* **DIRECTIONS**
The records are set out below this line. Return exactly the lines from the one containing "Interval since image 1 is 1.7 s." through the last, and exclude the pictures.

* **TASK MATERIAL**
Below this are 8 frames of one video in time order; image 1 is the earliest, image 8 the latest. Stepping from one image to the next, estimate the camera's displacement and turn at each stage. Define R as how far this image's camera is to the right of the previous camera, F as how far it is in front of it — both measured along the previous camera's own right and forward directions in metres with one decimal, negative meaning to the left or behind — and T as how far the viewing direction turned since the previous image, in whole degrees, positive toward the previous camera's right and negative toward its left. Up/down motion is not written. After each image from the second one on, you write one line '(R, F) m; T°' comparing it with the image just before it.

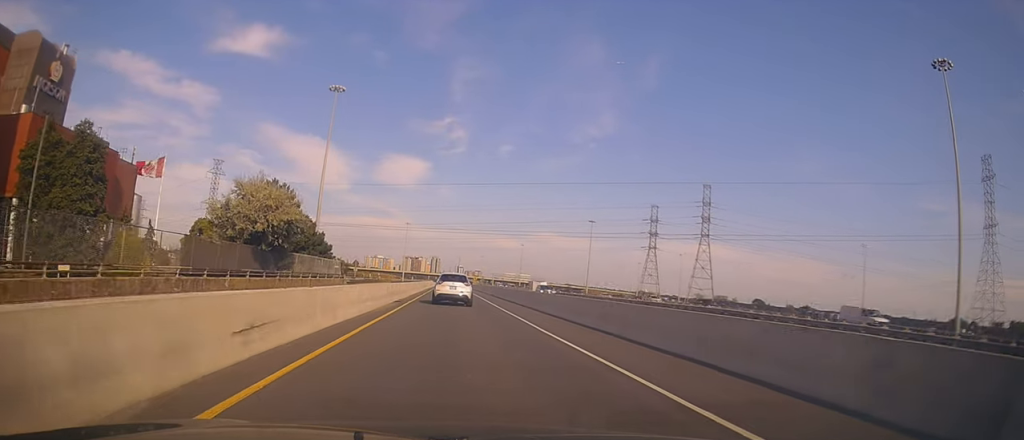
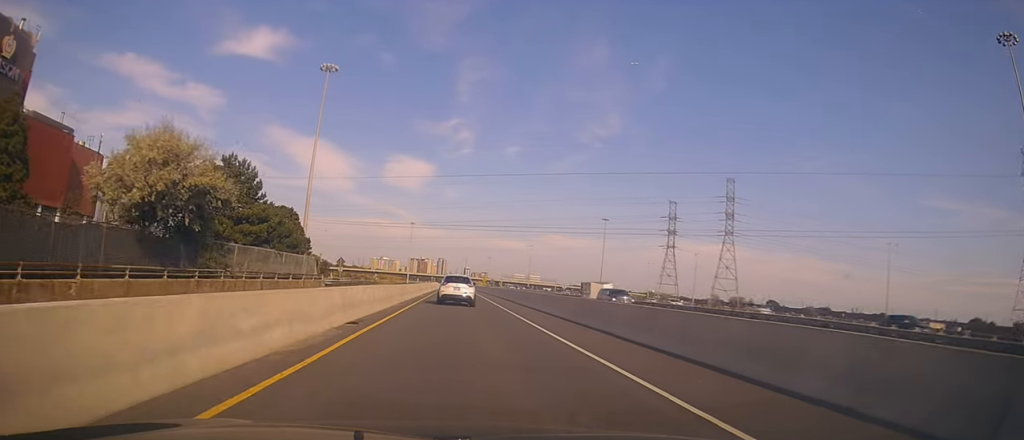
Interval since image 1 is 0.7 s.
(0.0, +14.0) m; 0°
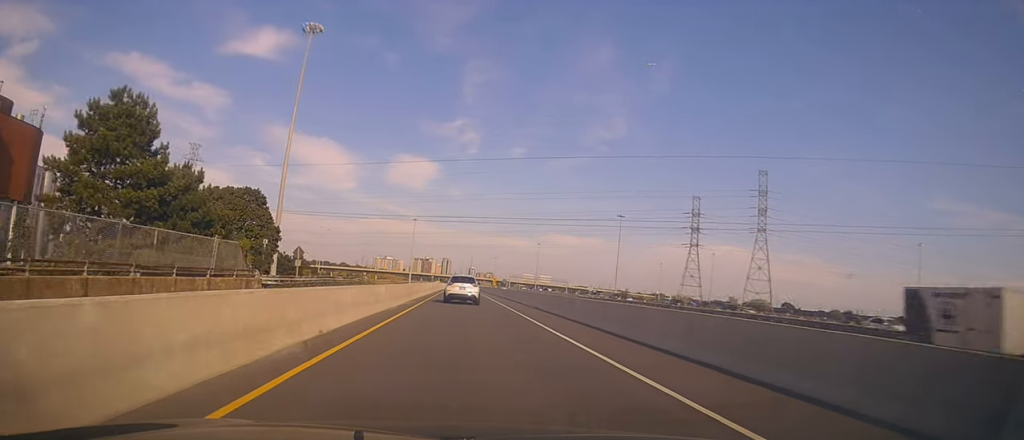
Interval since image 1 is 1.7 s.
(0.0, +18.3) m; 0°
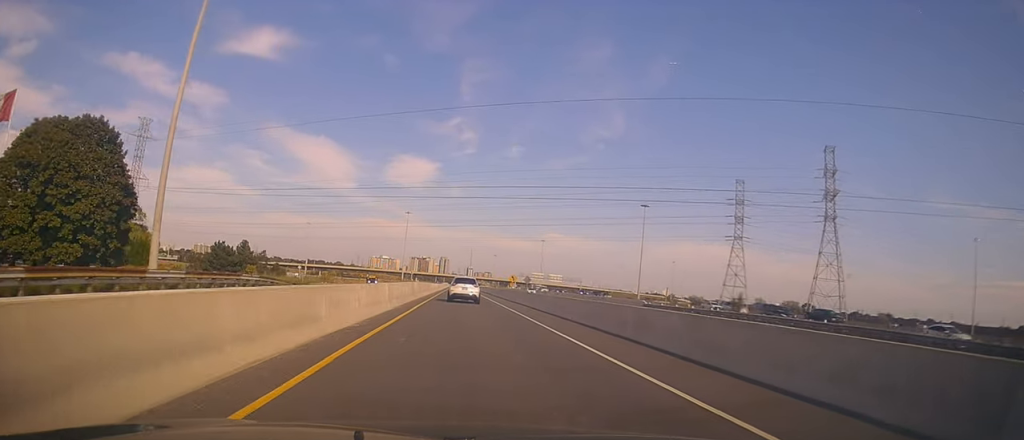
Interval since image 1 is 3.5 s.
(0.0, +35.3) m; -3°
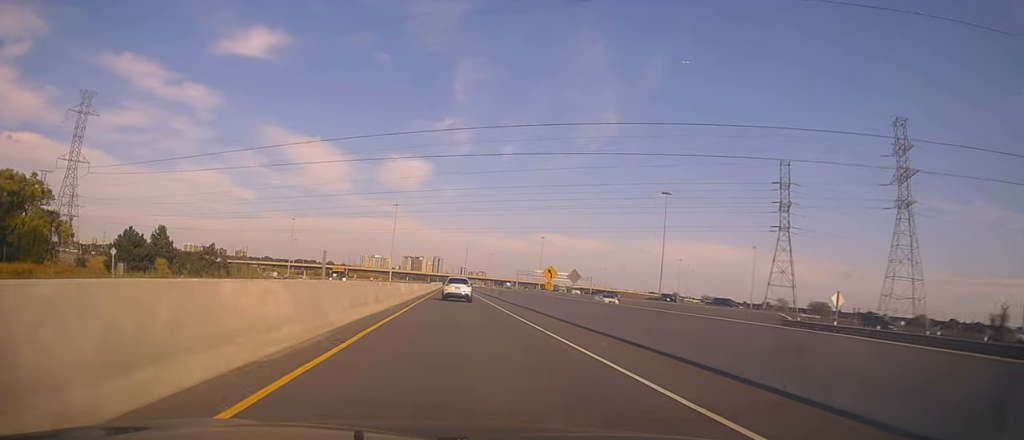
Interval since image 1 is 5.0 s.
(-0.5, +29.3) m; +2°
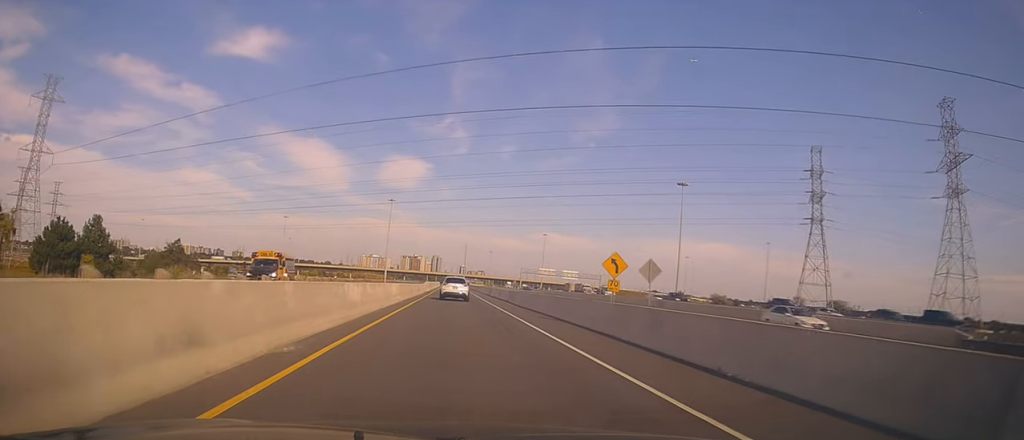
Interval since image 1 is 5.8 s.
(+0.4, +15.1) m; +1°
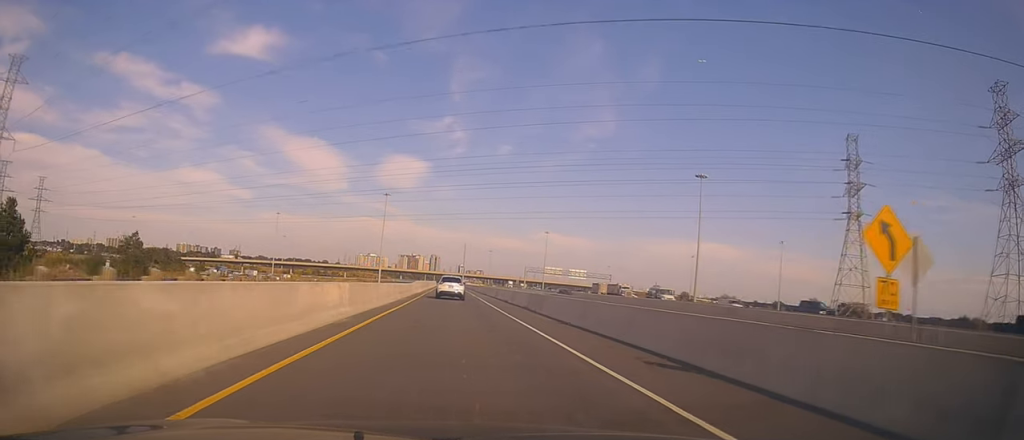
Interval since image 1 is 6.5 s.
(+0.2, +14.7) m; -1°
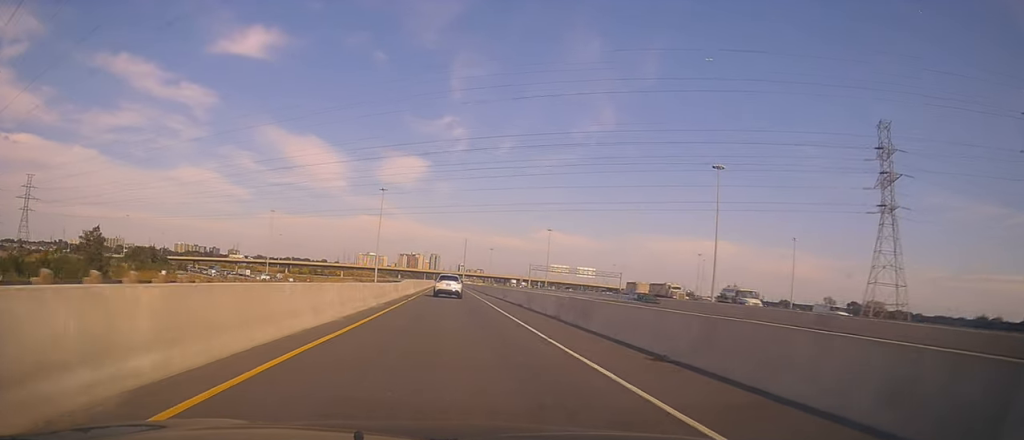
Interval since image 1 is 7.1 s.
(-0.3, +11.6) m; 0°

* **EXERCISE RESULT**
Interval since image 1 is 1.7 s.
(0.0, +18.3) m; 0°
Interval since image 1 is 3.5 s.
(0.0, +35.3) m; -3°
Interval since image 1 is 5.0 s.
(-0.5, +29.3) m; +2°
Interval since image 1 is 5.8 s.
(+0.4, +15.1) m; +1°
Interval since image 1 is 6.5 s.
(+0.2, +14.7) m; -1°
Interval since image 1 is 7.1 s.
(-0.3, +11.6) m; 0°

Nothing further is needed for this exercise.